**Brief:** Copy exactly, and only, the lines between the start of the entries below and the line containing "11.332L50.071 7.749L56.992 4.264L63.914", both inclusive. Omit pictures.
# # # # #
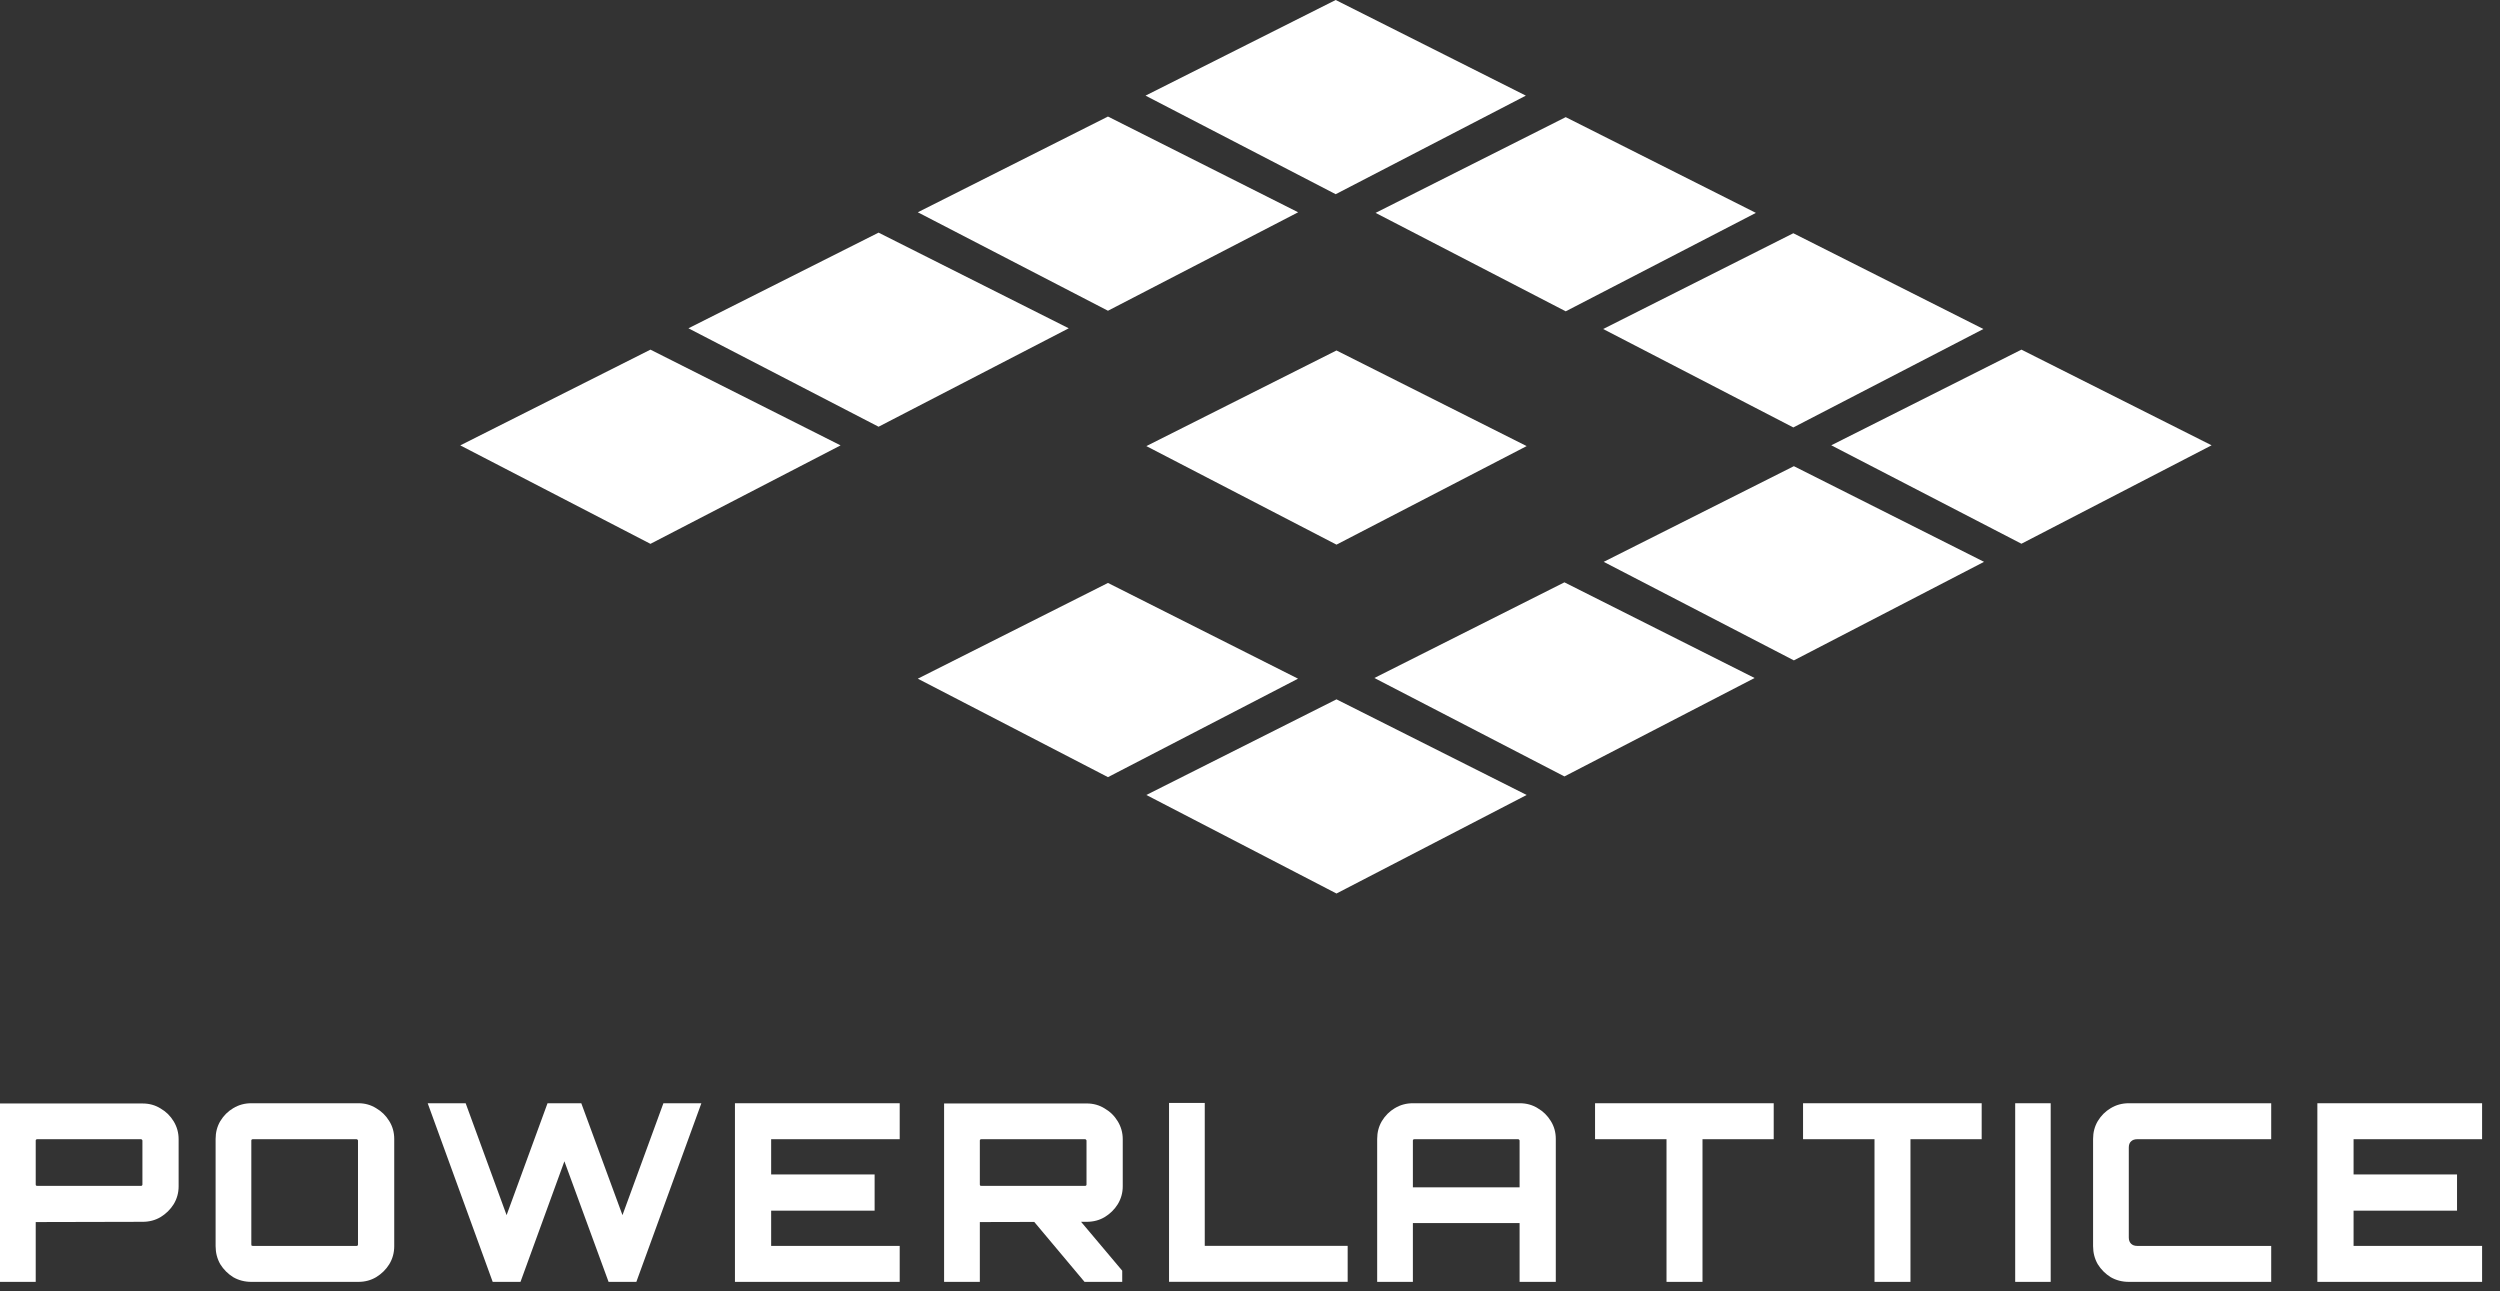 <svg width="91" height="47" viewBox="0 0 91 47" fill="none" xmlns="http://www.w3.org/2000/svg">
<rect x="0" y="0" width="91" height="47" fill="#333333" stroke="none"/>
<path d="M48.619 7.069L41.697 3.481L48.619 0L55.541 3.481L48.619 7.069Z" fill="white"/>
<path d="M56.992 11.332L50.071 7.749L56.992 4.264L63.914 7.749L56.992 11.332Z" fill="white"/>
<path d="M65.277 15.559L58.355 11.976L65.277 8.49L72.195 11.976L65.277 15.559Z" fill="white"/>
<path d="M73.58 19.792L66.658 16.209L73.58 12.727L80.502 16.209L73.58 19.792Z" fill="white"/>
<path d="M40.33 11.311L33.408 7.727L40.33 4.242L47.252 7.727L40.33 11.311Z" fill="white"/>
<path d="M48.648 19.825L41.727 16.238L48.648 12.757L55.57 16.238L48.648 19.825Z" fill="white"/>
<path d="M65.297 24.038L58.375 20.451L65.297 16.969L72.219 20.451L65.297 24.038Z" fill="white"/>
<path d="M31.98 15.533L25.059 11.95L31.98 8.468L38.902 11.95L31.98 15.533Z" fill="white"/>
<path d="M56.945 28.262L50.027 24.679L56.945 21.197L63.867 24.679L56.945 28.262Z" fill="white"/>
<path d="M23.676 19.796L16.754 16.212L23.676 12.727L30.597 16.212L23.676 19.796Z" fill="white"/>
<path d="M40.33 28.288L33.408 24.704L40.33 21.219L47.248 24.704L40.33 28.288Z" fill="white"/>
<path d="M48.648 32.524L41.727 28.937L48.648 25.456L55.57 28.937L48.648 32.524Z" fill="white"/>
<path d="M84.352 46.66V40.158H90.348V41.467H85.67V42.75H89.436V44.068H85.67V45.351H90.348V46.66H84.352Z" fill="white"/>
<path d="M77.488 46.66C77.247 46.66 77.027 46.603 76.829 46.489C76.636 46.368 76.48 46.212 76.359 46.019C76.245 45.82 76.188 45.6 76.188 45.36V41.458C76.188 41.217 76.245 41.001 76.359 40.808C76.48 40.609 76.636 40.453 76.829 40.338C77.027 40.218 77.247 40.158 77.488 40.158H82.672V41.467H77.795C77.699 41.467 77.623 41.494 77.569 41.548C77.515 41.597 77.488 41.672 77.488 41.774V45.044C77.488 45.14 77.515 45.215 77.569 45.269C77.623 45.324 77.699 45.351 77.795 45.351H82.672V46.66H77.488Z" fill="white"/>
<path d="M73.353 46.66V40.158H74.645V46.66H73.353Z" fill="white"/>
<path d="M68.232 46.66V41.467H65.631V40.158H72.133V41.467H69.541V46.66H68.232Z" fill="white"/>
<path d="M60.661 46.66V41.467H58.06V40.158H64.563V41.467H61.971V46.66H60.661Z" fill="white"/>
<path d="M50.129 46.66V41.458C50.129 41.217 50.186 41.001 50.3 40.808C50.421 40.609 50.577 40.453 50.77 40.338C50.969 40.218 51.188 40.158 51.429 40.158H55.322C55.563 40.158 55.779 40.218 55.972 40.338C56.171 40.453 56.33 40.609 56.451 40.808C56.571 41.001 56.631 41.217 56.631 41.458V46.66H55.313V44.52H51.429V46.66H50.129ZM51.429 43.219H55.313V41.521C55.313 41.503 55.307 41.491 55.295 41.485C55.289 41.473 55.277 41.467 55.258 41.467H51.484C51.465 41.467 51.45 41.473 51.438 41.485C51.432 41.491 51.429 41.503 51.429 41.521V43.219Z" fill="white"/>
<path d="M42.553 46.658V40.147H43.853V45.349H49.055V46.658H42.553Z" fill="white"/>
<path d="M39.477 46.66L37.553 44.366H39.26L40.849 46.253V46.66H39.477ZM34.365 46.66V40.166H39.558C39.799 40.166 40.016 40.227 40.208 40.347C40.407 40.462 40.567 40.618 40.687 40.817C40.807 41.015 40.868 41.232 40.868 41.467V43.183C40.868 43.418 40.807 43.634 40.687 43.833C40.567 44.026 40.407 44.182 40.208 44.303C40.016 44.417 39.799 44.474 39.558 44.474L35.666 44.483V46.66H34.365ZM35.72 43.165H39.495C39.513 43.165 39.525 43.162 39.531 43.156C39.543 43.144 39.549 43.132 39.549 43.12V41.521C39.549 41.503 39.543 41.491 39.531 41.485C39.525 41.473 39.513 41.467 39.495 41.467H35.72C35.702 41.467 35.687 41.473 35.675 41.485C35.669 41.491 35.666 41.503 35.666 41.521V43.12C35.666 43.132 35.669 43.144 35.675 43.156C35.687 43.162 35.702 43.165 35.72 43.165Z" fill="white"/>
<path d="M26.752 46.66V40.158H32.749V41.467H28.07V42.75H31.836V44.068H28.07V45.351H32.749V46.66H26.752Z" fill="white"/>
<path d="M17.934 46.66L15.568 40.158H16.95L18.44 44.231L19.93 40.158H21.159L22.658 44.231L24.148 40.158H25.53L23.163 46.66H22.152L20.544 42.271L18.946 46.66H17.934Z" fill="white"/>
<path d="M9.148 46.66C8.907 46.66 8.688 46.603 8.489 46.489C8.296 46.368 8.14 46.212 8.019 46.019C7.905 45.82 7.848 45.6 7.848 45.36V41.458C7.848 41.218 7.905 41.001 8.019 40.808C8.14 40.609 8.296 40.453 8.489 40.338C8.688 40.218 8.907 40.158 9.148 40.158H13.05C13.284 40.158 13.498 40.218 13.691 40.338C13.889 40.453 14.049 40.609 14.169 40.808C14.29 41.001 14.35 41.218 14.35 41.458V45.36C14.35 45.6 14.29 45.82 14.169 46.019C14.049 46.212 13.889 46.368 13.691 46.489C13.498 46.603 13.284 46.66 13.05 46.66H9.148ZM9.202 45.351H12.977C12.995 45.351 13.007 45.348 13.013 45.342C13.025 45.33 13.031 45.315 13.031 45.297V41.522C13.031 41.503 13.025 41.491 13.013 41.485C13.007 41.473 12.995 41.467 12.977 41.467H9.202C9.184 41.467 9.169 41.473 9.157 41.485C9.151 41.491 9.148 41.503 9.148 41.522V45.297C9.148 45.315 9.151 45.33 9.157 45.342C9.169 45.348 9.184 45.351 9.202 45.351Z" fill="white"/>
<path d="M0 46.66L0 40.167H5.193C5.434 40.167 5.65 40.227 5.843 40.347C6.042 40.462 6.201 40.618 6.322 40.817C6.442 41.016 6.502 41.232 6.502 41.467V43.183C6.502 43.418 6.442 43.635 6.322 43.833C6.201 44.026 6.042 44.182 5.843 44.303C5.65 44.417 5.434 44.474 5.193 44.474L1.3 44.483V46.66H0ZM1.355 43.165H5.13C5.148 43.165 5.16 43.162 5.166 43.156C5.178 43.144 5.184 43.132 5.184 43.12V41.521C5.184 41.503 5.178 41.491 5.166 41.485C5.16 41.473 5.148 41.467 5.13 41.467H1.355C1.337 41.467 1.322 41.473 1.31 41.485C1.303 41.491 1.3 41.503 1.3 41.521V43.12C1.3 43.132 1.303 43.144 1.31 43.156C1.322 43.162 1.337 43.165 1.355 43.165Z" fill="white"/>
</svg>
# # # # #
**Exercise answer:**
 <svg width="91" height="47" viewBox="0 0 91 47" fill="none" xmlns="http://www.w3.org/2000/svg">
<rect x="0" y="0" width="91" height="47" fill="#333333" stroke="none"/>
<path d="M48.619 7.069L41.697 3.481L48.619 0L55.541 3.481L48.619 7.069Z" fill="white"/>
<path d="M56.992 11.332L50.071 7.749L56.992 4.264L63.914 7.749L56.992 11.332Z" fill="white"/>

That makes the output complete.